I (Don't) Got The Power!
So, 2 it is then. Oh boy did I have a lot of problems. And spoiler alert, in the end I didn't even manage to make it work properly. My first problem was power: the MC1377P (datasheet) actually needs +12V, not +5V. Luckily the chip has an internal +8.2V regulator, so the Vcc can be unregulated. But how do I get +12V from +5V? I had the idea of making a charge-pump with some capacitors and diodes and a PWM signal from an AVR chip (or the UNO), but either I screwed something up, or you just can't get enough current from a DIY charge-pump. (The chip needs 35mA on normal operation).

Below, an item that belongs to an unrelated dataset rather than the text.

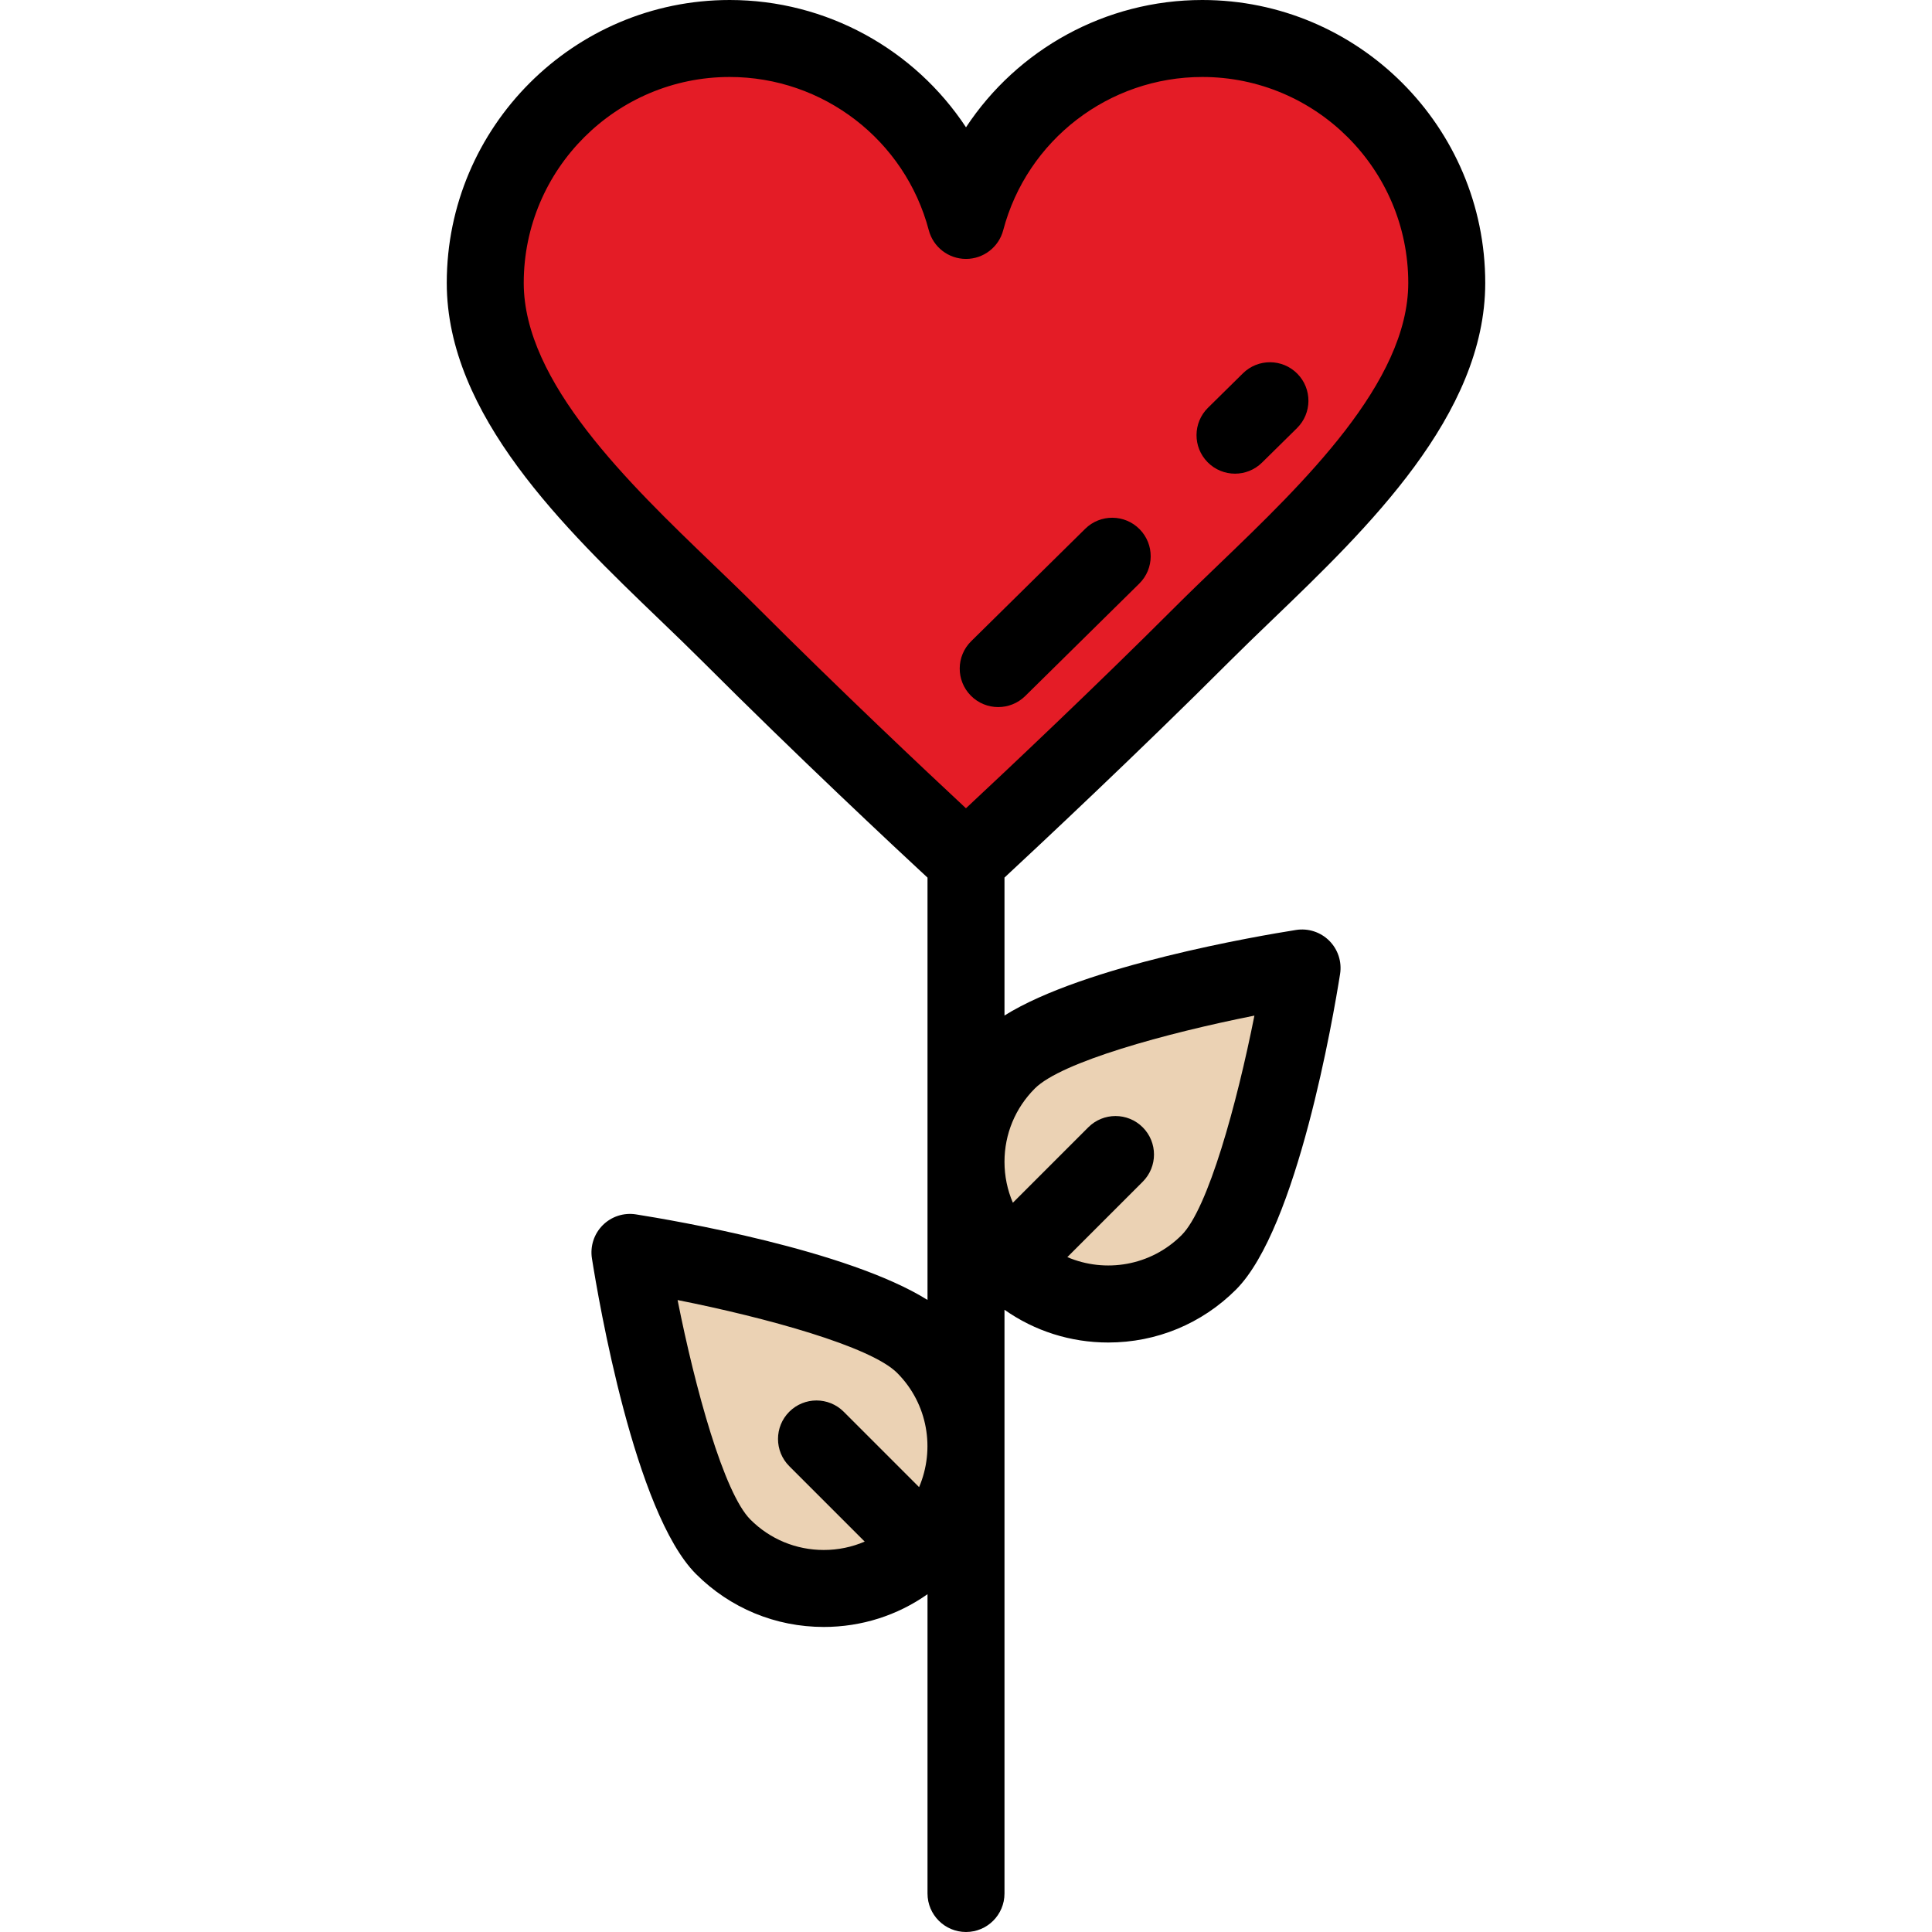 <svg xmlns="http://www.w3.org/2000/svg" width="128" height="128" viewBox="0 0 128 128" fill="none"><path d="M79.657 2.55C72.145 2.55 65.829 7.666 64 14.604C62.17 7.666 55.855 2.55 48.343 2.55C39.399 2.55 32.149 9.8 32.149 18.743C32.149 27.687 42.019 35.691 48.343 42.015C56.225 49.897 64 57.029 64 57.029C64 57.029 72.204 49.468 79.657 42.015C85.981 35.691 95.851 27.687 95.851 18.743C95.851 9.8 88.6 2.55 79.657 2.55Z" fill="#E41C26"></path><path d="M80.085 83.635C76.405 87.315 70.439 87.315 66.76 83.635C63.08 79.956 63.08 73.99 66.76 70.31C70.439 66.631 86.265 64.13 86.265 64.13C86.265 64.13 83.765 79.956 80.085 83.635Z" fill="#EBD2B4"></path><path d="M47.915 102.48C51.595 106.16 57.561 106.16 61.24 102.48C64.92 98.8 64.92 92.834 61.24 89.155C57.561 85.475 41.735 82.975 41.735 82.975C41.735 82.975 44.235 98.8 47.915 102.48Z" fill="#EBD2B4"></path><path d="M81.823 31.382C82.469 31.382 83.116 31.137 83.612 30.648L85.927 28.366C86.93 27.378 86.942 25.763 85.953 24.76C84.965 23.757 83.35 23.745 82.347 24.734L80.032 27.016C79.03 28.005 79.018 29.619 80.007 30.622C80.505 31.128 81.164 31.382 81.823 31.382Z" fill="black"></path><path d="M66.134 46.846C66.78 46.846 67.427 46.602 67.924 46.113L75.477 38.667C76.48 37.679 76.491 36.065 75.503 35.062C74.514 34.059 72.9 34.047 71.897 35.035L64.344 42.481C63.341 43.469 63.329 45.084 64.318 46.087C64.817 46.593 65.475 46.846 66.134 46.846Z" fill="black"></path><path d="M85.867 61.612C83.38 62.005 71.858 63.964 66.55 67.28V58.142C68.821 56.031 75.419 49.859 81.46 43.818C82.342 42.937 83.292 42.023 84.298 41.056C90.581 35.017 98.401 27.501 98.401 18.743C98.401 8.408 89.992 0 79.657 0C73.227 0 67.397 3.281 64 8.434C60.603 3.281 54.773 0 48.343 0C38.008 0 29.599 8.408 29.599 18.743C29.599 27.501 37.419 35.017 43.702 41.056C44.709 42.023 45.658 42.937 46.54 43.818C52.888 50.166 59.233 56.09 61.45 58.145V86.124C56.142 82.809 44.62 80.849 42.133 80.456C41.327 80.329 40.51 80.595 39.932 81.172C39.356 81.749 39.09 82.567 39.217 83.373C39.656 86.152 42.052 100.223 46.112 104.283C48.374 106.544 51.38 107.79 54.578 107.79C57.074 107.79 59.451 107.028 61.45 105.62V125.45C61.45 126.858 62.592 128 64 128C65.409 128 66.55 126.858 66.55 125.45V86.775C68.549 88.183 70.927 88.945 73.423 88.945C76.621 88.945 79.627 87.7 81.888 85.439C85.948 81.378 88.344 67.308 88.784 64.528C88.911 63.722 88.645 62.904 88.068 62.327C87.491 61.751 86.673 61.485 85.867 61.612ZM47.236 37.38C41.651 32.011 34.699 25.33 34.699 18.744C34.699 11.22 40.819 5.1 48.343 5.1C54.533 5.1 59.958 9.275 61.535 15.254C61.83 16.373 62.842 17.154 64 17.154C65.158 17.154 66.17 16.373 66.465 15.254C68.042 9.275 73.467 5.1 79.657 5.1C87.18 5.1 93.301 11.22 93.301 18.743C93.301 25.329 86.35 32.011 80.764 37.38C79.739 38.365 78.771 39.295 77.854 40.212C72.546 45.52 66.796 50.938 63.997 53.55C61.273 51.012 55.711 45.777 50.146 40.212C49.229 39.295 48.261 38.365 47.236 37.38ZM49.718 100.677C47.962 98.922 46.059 92.001 44.892 86.132C50.761 87.299 57.682 89.202 59.437 90.958C61.48 93 61.964 96.019 60.892 98.526L55.898 93.531C54.902 92.536 53.288 92.536 52.292 93.531C51.296 94.527 51.296 96.142 52.292 97.138L57.289 102.135C56.443 102.498 55.525 102.69 54.578 102.69C52.742 102.69 51.016 101.975 49.718 100.677ZM78.282 81.833C76.239 83.876 73.221 84.359 70.714 83.287L75.708 78.293C76.704 77.297 76.704 75.683 75.708 74.687C74.713 73.691 73.098 73.691 72.102 74.687L67.105 79.684C66.742 78.839 66.55 77.921 66.55 76.973C66.55 75.137 67.265 73.411 68.563 72.113C70.318 70.357 77.239 68.454 83.108 67.287C81.941 73.156 80.038 80.077 78.282 81.833Z" fill="black"></path></svg>

I then found some ICL7660S (datasheet) negative voltage converter chips on my chips-pile, and reading through its datasheet, it could be wired as a voltage doubler, and it should just have enough current to make things going. I'm yet again on the territory of "either I have no idea what I'm doing" (to be fair, I actually don't!) or perhaps the chips were faulty/chinese fakes/etc. as I couldn't get them to work at all. In the end I tried just wire them up as their normal usage and do a negative voltage converter, but even without a load, I couldn't get -5V out where it was supposed to come out from, at no load.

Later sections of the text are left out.